Head Refers to the height of a column of water that can be supported by the pressure or vacuum exerted at the pump.
Impeller A disk with multiple vanes. It is attached to the pump engine or motor and is used to create the centrifugal force necessary for moving water through the pump casing.
Mechanical Seal This is a spring-loaded device consisting of several parts that seals the rotating impeller in the pump case and prevents water from leaking into and damaging the engine. Mechanical seals are subject to wear when pumping water containing abrasives and will quickly overheat if the pump is run without filling the pump chamber with water before starting the engine or with a closed discharge.
Net Positive Suction Head (NPSH) Positive flow of water to the suction port of the pump.

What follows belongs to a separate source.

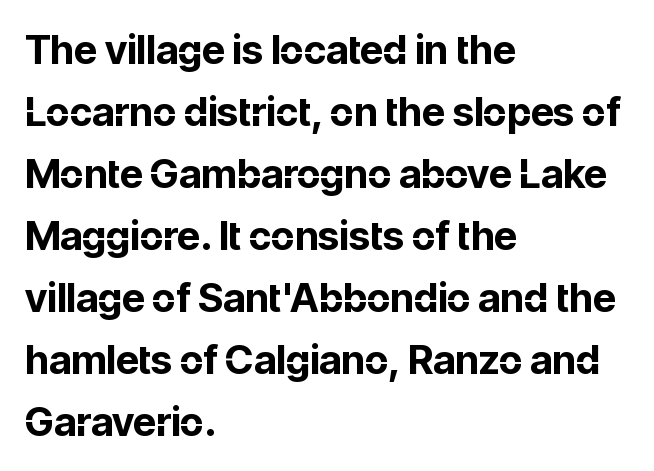
{"serif": "no", "italic": "no", "bold": "yes", "weight": "bold", "width": "normal", "stroke_contrast": "low", "x_height": "medium", "monospaced": "no", "underline": "no", "align": "left", "line_spacing": "normal", "line_spacing_ratio": 1.55, "letter_spacing": "normal", "letter_spacing_em": 0.0, "glyph_px": 40}
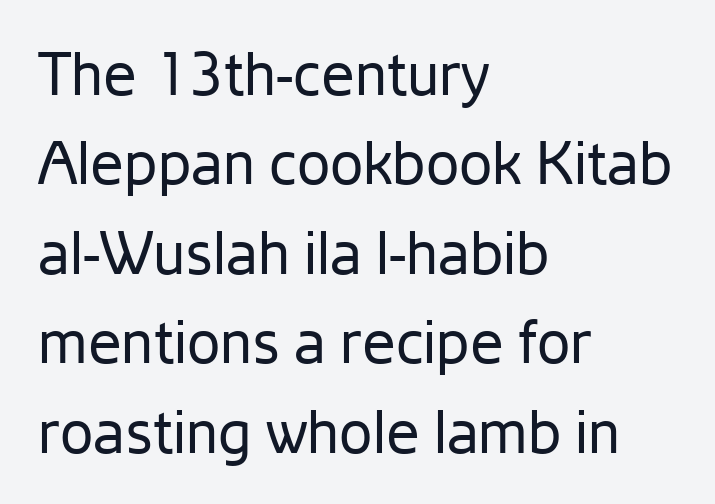
The image shows 60 px regular-weight sans-serif type, upright; set left-aligned, normal line spacing (1.49x), normal letter spacing, not underlined; low stroke contrast and a medium x-height.

Performance Curves Chart water flow by comparing total head to flow rate.
Pressure Pressure is force per unit area and is usually listed in psi (pounds per square inch). Pressure is often included in pump performance curves. Pressure and head are directly related when referring to pump performance. The pressure exerted (in psi) at the base of a column of water is 0.433 x Head (in feet). If you attach pressure gauge at the base of a pipe 100 feet tall pipe filled with clear water, you would measure 43.3 psi. Notice how the diameter of the pipe doesn’t affect the pressure value. The maximum pressure (at zero discharge) of any pump can be determined by multiplying the maximum head by 0.433.
Prime Most centrifugal pumps require the pump casing to be filled with water before starting.
Pump Housing The pump body or casing. Depending on the design may be made of plastic, aluminum, cast-iron or stainless steel.
Self Priming Most centrifugal pumps require the pump casing to be filled with water before starting. Self-priming is a term often used to describe pumps that have the ability to purge air from the case and create a partial vacuum, allowing water begin flowing through the suction hose.
Shock Mounts Rubber mounts used to dampen vibration from the engine and help prevent the pump from "walking away".
Skid Mount Pump and engine mounting mounted on a base.
Slow Seepage Water that drains slowly into a trench or work area from the surrouding area. Possibly caused from run off or high water tables.
Solids Any particulate that passes through the pump: mud, sand, rock or other debris.
Strainer A fitting at the end of the suction hose that prevents solids larger than the pump is capable of passing from entering.
Static Discharge Head The vertical distance between the pump’s discharge port and the point of discharge, which is the liquid surface if the hose is submerged or pumping into the bottom of a tank.
Static Suction Head The vertical distance between the pump impeller and the surface of the liquid on the suction side of the pump.
Suction Hose A reinforced hose through which water flows into the suction end of a pump.
Suction Port Same as the inlet. The point where the suction hose or pipe is connected to the pump.
Total Dynamic Head The dynamic suction head plus the dynamic discharge head. Also known as Total Head.
Total Head The dynamic suction head plus the dynamic discharge head. Also known as Total Dynamic Head (TGH).
Volute A stationary housing inside the pump housing in which the impeller rotates. It is used to separate air and water.
Water Hammer Water Hammer is energy transmitted back to the pump due to the sudden stoppage of water flowing from the pump. Water hammer is more likely to occur when using a very long discharge hose. If the flow of water at the end of the discharge hose is shut off in less than the "critical time", energy is transmitted back to the pump causing a large pressure spike in the pump housing. Water hammer often results in damage to the pump casing.
Wear Plate A replaceable steel insert that fits inside the voluyte or suction cover of a pump. Helps to form a vacuum with the impeller and reduce the cost of replacement parts.